In one of my previous posts I quoted a passage from
Heine's "The Baths of Lucca" (Chapter XI), in which Count Platen is
called "a male tribade":
In der Tat, er ist mehr ein Mann von Steiss, als ein Mann von Kopf,
der Name Mann ueberhaupt passt nicht fuer ihn, seine Liebe hat einen passiven
pythagoraeischen Charakter, er ist in seinen Gedichten ein
Pathikos, er ist ein Weib, und zwar ein Weib, das sich an gleich Weibischem
ergoetzt, er ist gleichsam eine maennliche Tribade.

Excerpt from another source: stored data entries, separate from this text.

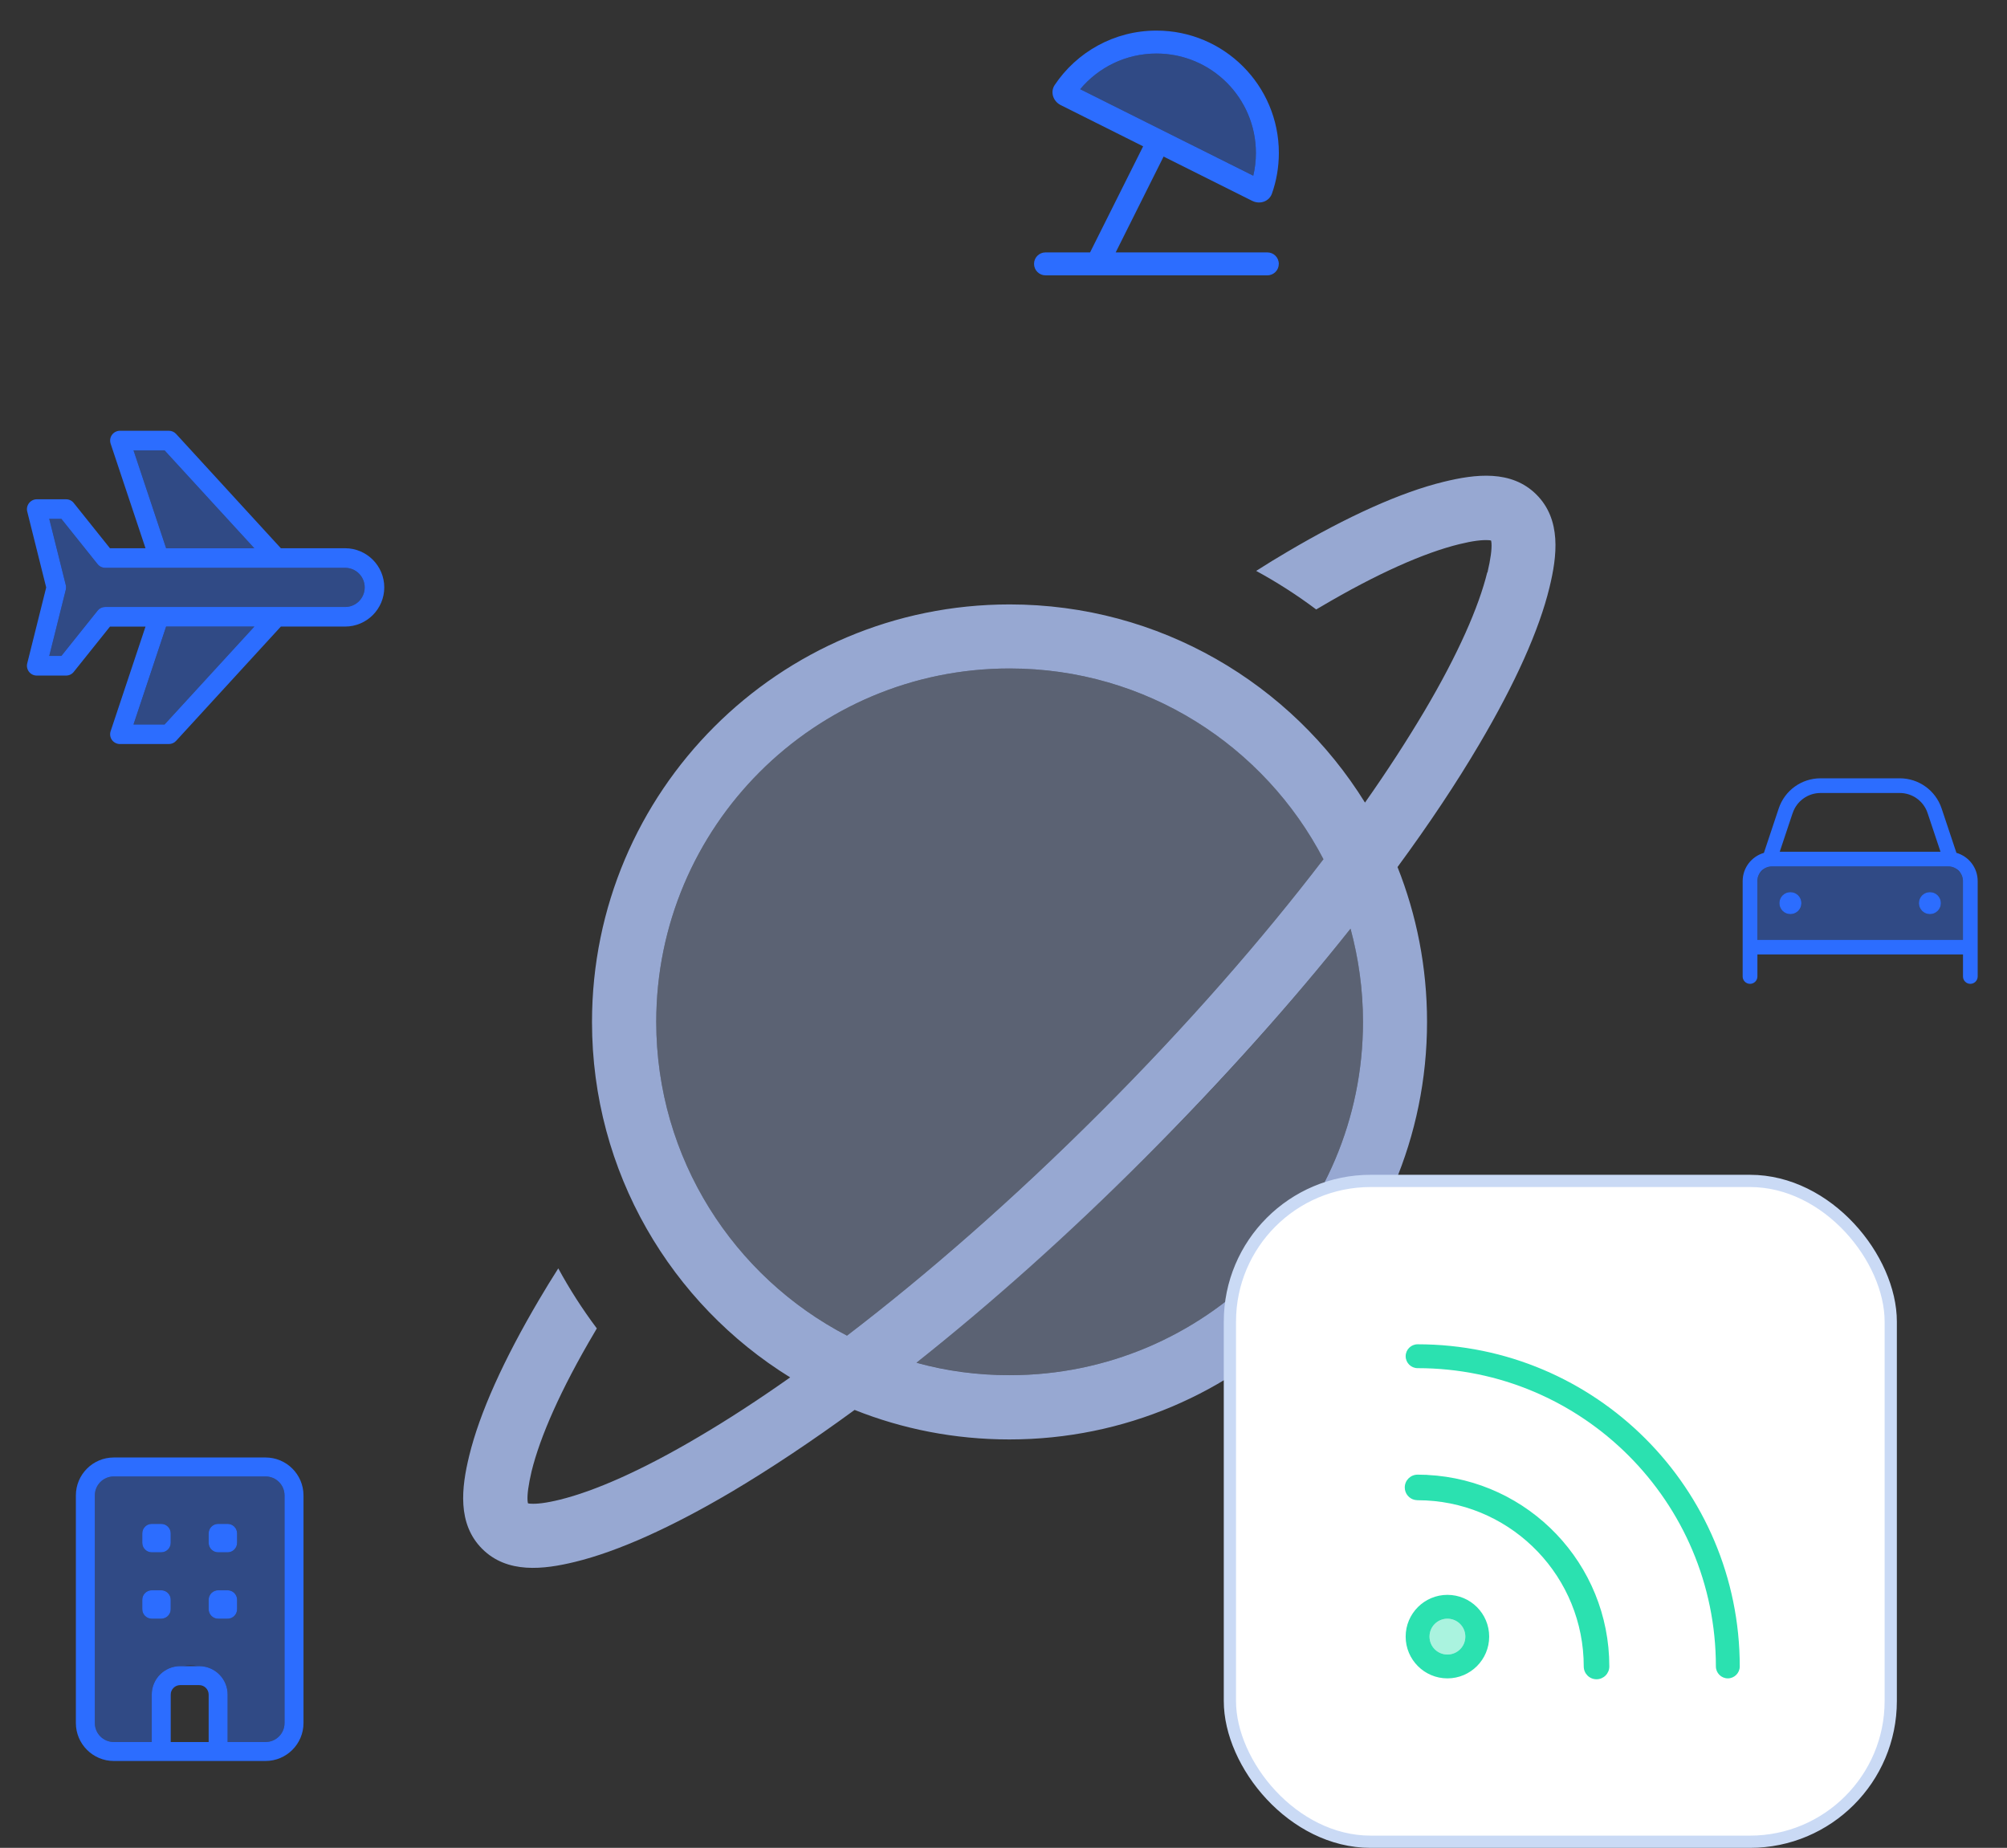 <svg width="164" height="151" viewBox="0 0 164 151" fill="none" xmlns="http://www.w3.org/2000/svg">
<rect x="0" y="0" width="164" height="151" fill="#333333" stroke="none"/>
<path opacity="0.4" d="M53.625 83.5C53.625 94.656 59.941 104.32 69.211 109.143C75.757 104.139 82.828 97.97 89.899 90.899C96.97 83.828 103.139 76.757 108.143 70.211C103.336 60.941 93.656 54.625 82.5 54.625C66.553 54.625 53.625 67.553 53.625 83.5ZM74.888 111.358C77.316 112.014 79.859 112.375 82.5 112.375C98.447 112.375 111.375 99.447 111.375 83.5C111.375 80.875 111.03 78.316 110.358 75.888C105.567 81.925 99.923 88.274 93.591 94.591C87.258 100.907 80.925 106.567 74.888 111.358Z" fill="#97A8D2"/>
<path d="M121.531 46.766C120.841 49.572 119.168 53.427 116.379 58.136C114.984 60.482 113.377 62.976 111.539 65.584C105.518 55.872 94.772 49.391 82.5 49.391C63.649 49.391 48.375 64.666 48.375 83.516C48.375 95.788 54.855 106.551 64.568 112.555C61.959 114.393 59.466 116.017 57.12 117.395C52.411 120.184 48.556 121.858 45.75 122.547C44.618 122.826 43.863 122.908 43.355 122.875C43.256 122.875 43.191 122.859 43.142 122.842C43.125 122.793 43.125 122.727 43.109 122.629C43.076 122.12 43.174 121.366 43.437 120.234C44.126 117.428 45.799 113.573 48.588 108.864L48.769 108.552C47.588 106.977 46.538 105.337 45.619 103.647C45.077 104.5 44.552 105.353 44.06 106.19C41.156 111.112 39.188 115.459 38.334 118.987C37.711 121.546 37.35 124.516 39.401 126.566C41.452 128.617 44.421 128.256 46.98 127.633C50.492 126.78 54.855 124.811 59.777 121.907C62.927 120.037 66.307 117.789 69.834 115.213C73.739 116.772 78.005 117.625 82.484 117.625C101.334 117.625 116.609 102.351 116.609 83.5C116.609 79.037 115.756 74.772 114.197 70.851C116.789 67.323 119.037 63.944 120.891 60.794C123.795 55.872 125.763 51.524 126.616 47.997C127.24 45.438 127.601 42.468 125.55 40.417C123.499 38.366 120.546 38.744 117.987 39.367C114.476 40.22 110.112 42.189 105.19 45.093C104.353 45.585 103.516 46.094 102.647 46.652C104.337 47.57 105.977 48.62 107.552 49.802L107.864 49.621C112.573 46.832 116.428 45.159 119.234 44.47C120.366 44.191 121.12 44.109 121.629 44.141C121.727 44.141 121.793 44.158 121.842 44.174C121.859 44.224 121.859 44.289 121.875 44.388C121.908 44.896 121.809 45.651 121.547 46.783L121.531 46.766ZM108.143 70.211C103.139 76.757 96.97 83.828 89.899 90.899C82.828 97.97 75.757 104.139 69.211 109.143C59.958 104.336 53.625 94.656 53.625 83.5C53.625 67.553 66.553 54.625 82.5 54.625C93.656 54.625 103.32 60.941 108.143 70.211ZM74.888 111.358C80.925 106.567 87.274 100.923 93.591 94.591C99.907 88.258 105.567 81.925 110.358 75.888C111.014 78.316 111.375 80.859 111.375 83.5C111.375 99.447 98.447 112.375 82.5 112.375C79.875 112.375 77.316 112.03 74.888 111.358Z" fill="#97A8D2"/>
<rect x="100.5" y="96.5" width="54" height="54" rx="11.5" fill="white" stroke="#CADAF5"/>
<path opacity="0.4" d="M116.812 133.738C116.812 134.548 117.464 135.2 118.275 135.2C119.085 135.2 119.737 134.548 119.737 133.738C119.737 132.927 119.085 132.275 118.275 132.275C117.464 132.275 116.812 132.927 116.812 133.738Z" fill="#2BE1B0"/>
<path d="M116.642 120.526C124.923 120.947 131.504 127.79 131.504 136.175C131.504 136.754 131.035 137.223 130.456 137.223C129.877 137.223 129.414 136.754 129.414 136.175C129.414 128.911 123.71 122.976 116.532 122.61L115.831 122.592L115.618 122.568C115.149 122.476 114.789 122.056 114.789 121.55C114.789 120.971 115.258 120.502 115.837 120.502L116.642 120.52V120.526ZM118.275 137.15C116.392 137.15 114.862 135.62 114.862 133.737C114.862 131.855 116.392 130.325 118.275 130.325C120.158 130.325 121.687 131.855 121.687 133.737C121.687 135.62 120.158 137.15 118.275 137.15ZM115.837 109.85C130.377 109.85 142.162 121.635 142.162 136.175C142.162 136.711 141.723 137.15 141.187 137.15C140.651 137.15 140.212 136.711 140.212 136.175C140.212 122.714 129.298 111.8 115.837 111.8C115.301 111.8 114.862 111.361 114.862 110.825C114.862 110.289 115.301 109.85 115.837 109.85ZM118.275 132.275C117.464 132.275 116.812 132.927 116.812 133.737C116.812 134.548 117.464 135.2 118.275 135.2C119.085 135.2 119.737 134.548 119.737 133.737C119.737 132.927 119.085 132.275 118.275 132.275Z" fill="#2BE1B0"/>
<path opacity="0.4" d="M4.025 42.4L5.375 47.805C5.405 47.93 5.405 48.065 5.375 48.195L4.025 53.6H5.015L7.975 49.9C8.125 49.71 8.355 49.6 8.6 49.6H28.2C29.085 49.6 29.8 48.885 29.8 48C29.8 47.115 29.085 46.4 28.2 46.4H8.6C8.355 46.4 8.125 46.29 7.975 46.1L5.015 42.4H4.025ZM10.91 36.8L13.575 44.8H20.78L13.445 36.8H10.905H10.91ZM10.91 59.2H13.45L20.785 51.2H13.58L10.915 59.2H10.91Z" fill="#2C6DFF"/>
<path d="M28.2 44.8C29.965 44.8 31.4 46.235 31.4 48C31.4 49.765 29.965 51.2 28.2 51.2H22.95L14.39 60.54C14.24 60.705 14.025 60.8 13.8 60.8H9.8C9.545 60.8 9.3 60.675 9.15 60.47C9 60.265 8.96 59.995 9.04 59.75L11.89 51.205H8.985L6.025 54.905C5.875 55.095 5.645 55.205 5.4 55.205H3C2.755 55.205 2.52 55.09 2.37 54.895C2.22 54.7 2.165 54.45 2.225 54.21L3.775 48.005L2.225 41.8C2.165 41.56 2.22 41.31 2.37 41.115C2.52 40.92 2.755 40.8 3 40.8H5.4C5.645 40.8 5.875 40.91 6.025 41.1L8.985 44.8H11.89L9.04 36.255C8.96 36.01 9 35.745 9.15 35.535C9.3 35.325 9.545 35.2 9.8 35.2H13.8C14.025 35.2 14.24 35.295 14.39 35.46L22.95 44.8H28.2ZM29.8 48C29.8 47.115 29.085 46.4 28.2 46.4H8.6C8.355 46.4 8.125 46.29 7.975 46.1L5.015 42.4H4.025L5.375 47.805C5.405 47.93 5.405 48.065 5.375 48.195L4.025 53.6H5.015L7.975 49.9C8.125 49.71 8.355 49.6 8.6 49.6H28.2C29.085 49.6 29.8 48.885 29.8 48ZM20.78 51.2H13.575L10.91 59.2H13.45L20.785 51.2H20.78ZM13.45 36.8H10.91L13.575 44.8H20.78L13.445 36.8H13.45Z" fill="#2C6DFF"/>
<path opacity="0.4" d="M143.6 72C143.6 71.771 143.664 71.558 143.776 71.374C143.896 71.231 144.031 71.096 144.174 70.976C144.358 70.864 144.571 70.8 144.8 70.8H159.2C159.429 70.8 159.643 70.864 159.826 70.976C159.969 71.096 160.104 71.231 160.224 71.374C160.336 71.558 160.4 71.771 160.4 72V76.8H143.6V72ZM145.4 73.8C145.4 74.299 145.801 74.7 146.3 74.7C146.799 74.7 147.2 74.299 147.2 73.8C147.2 73.301 146.799 72.9 146.3 72.9C145.801 72.9 145.4 73.301 145.4 73.8ZM156.8 73.8C156.8 74.299 157.201 74.7 157.7 74.7C158.199 74.7 158.6 74.299 158.6 73.8C158.6 73.301 158.199 72.9 157.7 72.9C157.201 72.9 156.8 73.301 156.8 73.8Z" fill="#2C6DFF"/>
<path d="M146.484 66.442L145.43 69.6H158.566L157.512 66.442C157.186 65.46 156.271 64.8 155.236 64.8H148.764C147.732 64.8 146.814 65.46 146.487 66.442H146.484ZM144.136 69.694L145.347 66.06C145.839 64.59 147.211 63.6 148.764 63.6H155.24C156.789 63.6 158.165 64.59 158.656 66.06L159.867 69.69C160.869 69.979 161.604 70.901 161.604 71.996V79.796C161.604 80.126 161.334 80.396 161.004 80.396C160.674 80.396 160.404 80.126 160.404 79.796V77.996H143.604V79.796C143.604 80.126 143.334 80.396 143.004 80.396C142.674 80.396 142.4 80.13 142.4 79.8V72C142.4 70.905 143.135 69.983 144.136 69.694ZM144.8 70.8C144.136 70.8 143.6 71.336 143.6 72V76.8H160.4V72C160.4 71.336 159.864 70.8 159.2 70.8H144.8ZM146.3 72.9C146.799 72.9 147.2 73.301 147.2 73.8C147.2 74.299 146.799 74.7 146.3 74.7C145.801 74.7 145.4 74.299 145.4 73.8C145.4 73.301 145.801 72.9 146.3 72.9ZM156.8 73.8C156.8 73.301 157.201 72.9 157.7 72.9C158.199 72.9 158.6 73.301 158.6 73.8C158.6 74.299 158.199 74.7 157.7 74.7C157.201 74.7 156.8 74.299 156.8 73.8Z" fill="#2C6DFF"/>
<path opacity="0.4" d="M7.75 122.2V140.8C7.75 141.657 8.443 142.35 9.3 142.35H12.4V138.475C12.4 137.191 13.441 136.15 14.725 136.15H14.982C15.35 136.063 15.742 136.053 16.12 136.15H16.275C17.559 136.15 18.6 137.191 18.6 138.475V142.35H21.7C22.557 142.35 23.25 141.657 23.25 140.8V122.2C23.25 121.343 22.557 120.65 21.7 120.65H9.3C8.443 120.65 7.75 121.343 7.75 122.2ZM11.625 125.3C11.625 124.874 11.974 124.525 12.4 124.525H13.175C13.601 124.525 13.95 124.874 13.95 125.3V126.075C13.95 126.501 13.601 126.85 13.175 126.85H12.4C11.974 126.85 11.625 126.501 11.625 126.075V125.3ZM11.625 130.725C11.625 130.299 11.974 129.95 12.4 129.95H13.175C13.601 129.95 13.95 130.299 13.95 130.725V131.5C13.95 131.926 13.601 132.275 13.175 132.275H12.4C11.974 132.275 11.625 131.926 11.625 131.5V130.725ZM17.05 125.3C17.05 124.874 17.399 124.525 17.825 124.525H18.6C19.026 124.525 19.375 124.874 19.375 125.3V126.075C19.375 126.501 19.026 126.85 18.6 126.85H17.825C17.399 126.85 17.05 126.501 17.05 126.075V125.3ZM17.05 130.725C17.05 130.299 17.399 129.95 17.825 129.95H18.6C19.026 129.95 19.375 130.299 19.375 130.725V131.5C19.375 131.926 19.026 132.275 18.6 132.275H17.825C17.399 132.275 17.05 131.926 17.05 131.5V130.725Z" fill="#2C6DFF"/>
<path d="M9.3 120.65C8.443 120.65 7.75 121.343 7.75 122.2V140.8C7.75 141.657 8.443 142.35 9.3 142.35H12.4V138.475C12.4 137.191 13.441 136.15 14.725 136.15H16.275C17.558 136.15 18.6 137.191 18.6 138.475V142.35H21.7C22.557 142.35 23.25 141.657 23.25 140.8V122.2C23.25 121.343 22.557 120.65 21.7 120.65H9.3ZM13.95 142.35H17.05V138.475C17.05 138.049 16.701 137.7 16.275 137.7H14.725C14.299 137.7 13.95 138.049 13.95 138.475V142.35ZM12.4 143.9H9.3C7.59 143.9 6.2 142.51 6.2 140.8V122.2C6.2 120.49 7.59 119.1 9.3 119.1H21.7C23.41 119.1 24.8 120.49 24.8 122.2V140.8C24.8 142.51 23.41 143.9 21.7 143.9H12.4ZM17.05 125.3C17.05 124.874 17.399 124.525 17.825 124.525H18.6C19.026 124.525 19.375 124.874 19.375 125.3V126.075C19.375 126.501 19.026 126.85 18.6 126.85H17.825C17.399 126.85 17.05 126.501 17.05 126.075V125.3ZM17.825 129.95H18.6C19.026 129.95 19.375 130.299 19.375 130.725V131.5C19.375 131.926 19.026 132.275 18.6 132.275H17.825C17.399 132.275 17.05 131.926 17.05 131.5V130.725C17.05 130.299 17.399 129.95 17.825 129.95ZM11.625 125.3C11.625 124.874 11.974 124.525 12.4 124.525H13.175C13.601 124.525 13.95 124.874 13.95 125.3V126.075C13.95 126.501 13.601 126.85 13.175 126.85H12.4C11.974 126.85 11.625 126.501 11.625 126.075V125.3ZM12.4 129.95H13.175C13.601 129.95 13.95 130.299 13.95 130.725V131.5C13.95 131.926 13.601 132.275 13.175 132.275H12.4C11.974 132.275 11.625 131.926 11.625 131.5V130.725C11.625 130.299 11.974 129.95 12.4 129.95Z" fill="#2C6DFF"/>
<path opacity="0.4" d="M88.266 7.289L102.41 14.359C102.551 13.762 102.625 13.141 102.625 12.5C102.625 8.012 98.988 4.375 94.5 4.375C92 4.375 89.758 5.504 88.266 7.289Z" fill="#2C6DFF"/>
<path d="M102.625 12.5C102.625 13.141 102.551 13.762 102.41 14.359L88.266 7.289C89.758 5.504 92 4.375 94.5 4.375C98.988 4.375 102.625 8.012 102.625 12.5ZM102.328 16.414C102.945 16.723 103.703 16.473 103.934 15.824C104.301 14.785 104.5 13.664 104.5 12.5C104.5 6.977 100.023 2.5 94.5 2.5C91.031 2.5 87.977 4.266 86.184 6.945C85.801 7.52 86.055 8.277 86.672 8.586L93.41 11.957L93.348 12.082L89.074 20.625H85.434C84.914 20.625 84.496 21.043 84.496 21.562C84.496 22.082 84.914 22.5 85.434 22.5H103.559C104.078 22.5 104.496 22.082 104.496 21.562C104.496 21.043 104.078 20.625 103.559 20.625H91.168L95.019 12.918L95.082 12.793L102.324 16.414H102.328Z" fill="#2C6DFF"/>
</svg>

The term pythagoraeisch ("pythagorean")
points to Pythagoras, Nero's catamite, a namesake of the Greek
philosopher, mathematician and religious reformer (6th century B.C.). The latter
is famous for his theorem. When Russian school
children learn it, they are made to memorize this
couplet:
Пифагоровы штаны
на все стороны равны
(All sides of Pythagorean trousers are
equal).
Russian poets and writers (most of whom weren't
sans-culottes) always had a predilection for the word штаны
(trousers). Rosanov famously said that literature was his trousers ("I do in
them whatever I want"). Mayakovsky's first long poem is "Облако в штанах" ("The
Trousered Cloud", 1916). According to
Ostap Bender, the hero of Ilf and Petrov's "The 12 Chairs" and "The Golden
Calf", all citizens of Rio de Janeiro wear white trousers. Telling Balaganov
about the city of his dream, Bender mentions a Charleston "У моей девочки есть
одна маленькая штучка" ("My Girl has got One Little Thing") allegedly
popular in Rio.
While штучка reminds one of
Ada's shtuchki ("little stunts") as imitated by Lucette (2.5) and
of Chose (Fr., "thing"), Van's University, the Charleston brings to
mind the dancing of the black passengers onboard the ship bound
for Rio de Janeiro in Heine's poem Das Sklavenschiff ("The Slave
Ship", 1853). The poem's two white characters, the supercargo Mynheer van
Koek and Doctor van der Smissen, are Dutch.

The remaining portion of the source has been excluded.